ACTION ITEM: Scan the material for the string "lines" and copy out every line in which it occurs.

INFORMATION GIVEN:
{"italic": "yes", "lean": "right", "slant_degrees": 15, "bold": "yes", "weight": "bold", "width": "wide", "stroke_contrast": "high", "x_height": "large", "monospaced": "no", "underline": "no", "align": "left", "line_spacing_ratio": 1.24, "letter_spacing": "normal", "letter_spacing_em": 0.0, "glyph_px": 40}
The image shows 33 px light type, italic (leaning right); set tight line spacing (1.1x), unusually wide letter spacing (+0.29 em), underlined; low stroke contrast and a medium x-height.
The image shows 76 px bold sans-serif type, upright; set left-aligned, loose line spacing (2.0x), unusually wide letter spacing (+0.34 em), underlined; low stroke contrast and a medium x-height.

* * *

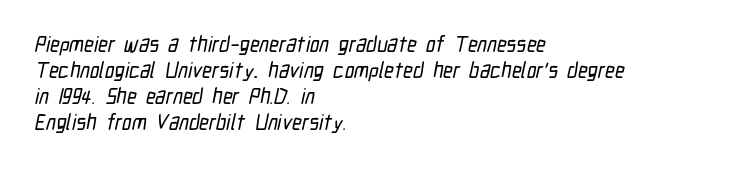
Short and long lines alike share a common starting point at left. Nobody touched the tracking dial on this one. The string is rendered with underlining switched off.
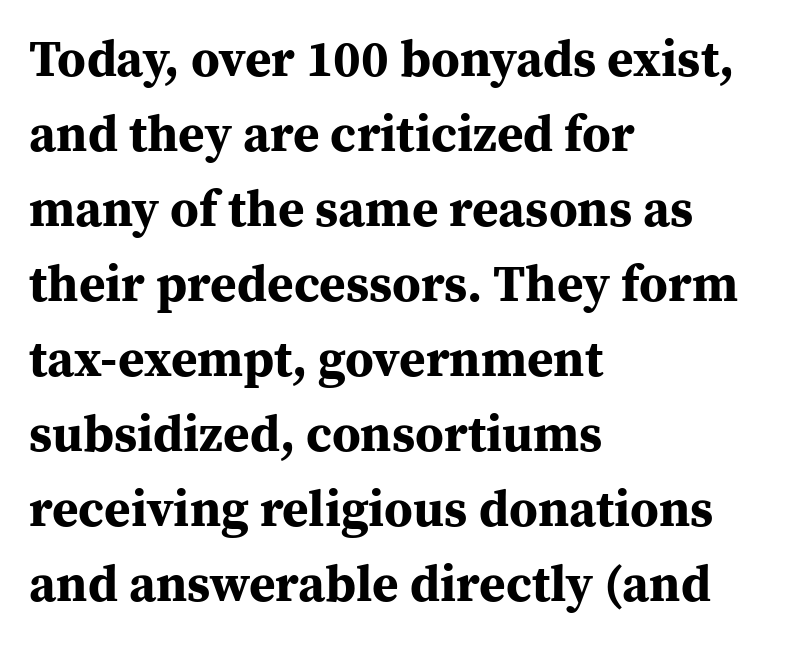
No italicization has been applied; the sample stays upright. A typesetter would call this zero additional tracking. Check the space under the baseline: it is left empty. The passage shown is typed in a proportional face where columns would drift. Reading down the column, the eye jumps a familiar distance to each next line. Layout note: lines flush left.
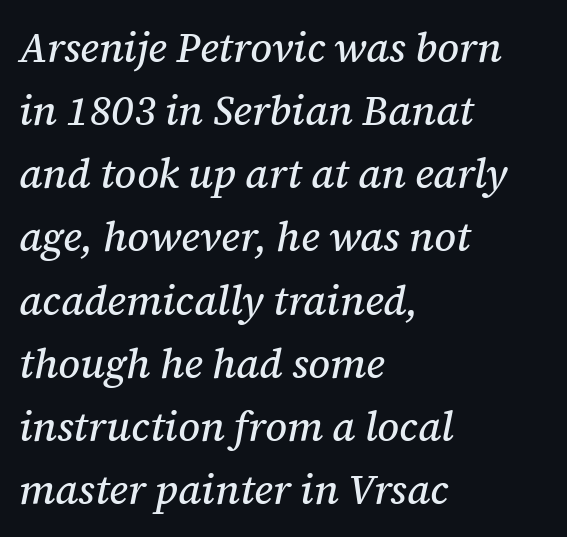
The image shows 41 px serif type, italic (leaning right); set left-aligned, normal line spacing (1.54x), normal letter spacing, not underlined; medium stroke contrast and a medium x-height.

RESULT FOR THIS TASK:
Short and long lines alike share a common starting point at left. Nobody touched the tracking dial on this one. The string is rendered with underlining switched off.
No italicization has been applied; the sample stays upright. A typesetter would call this zero additional tracking. Check the space under the baseline: it is left empty. The passage shown is typed in a proportional face where columns would drift. Reading down the column, the eye jumps a familiar distance to each next line. Layout note: lines flush left.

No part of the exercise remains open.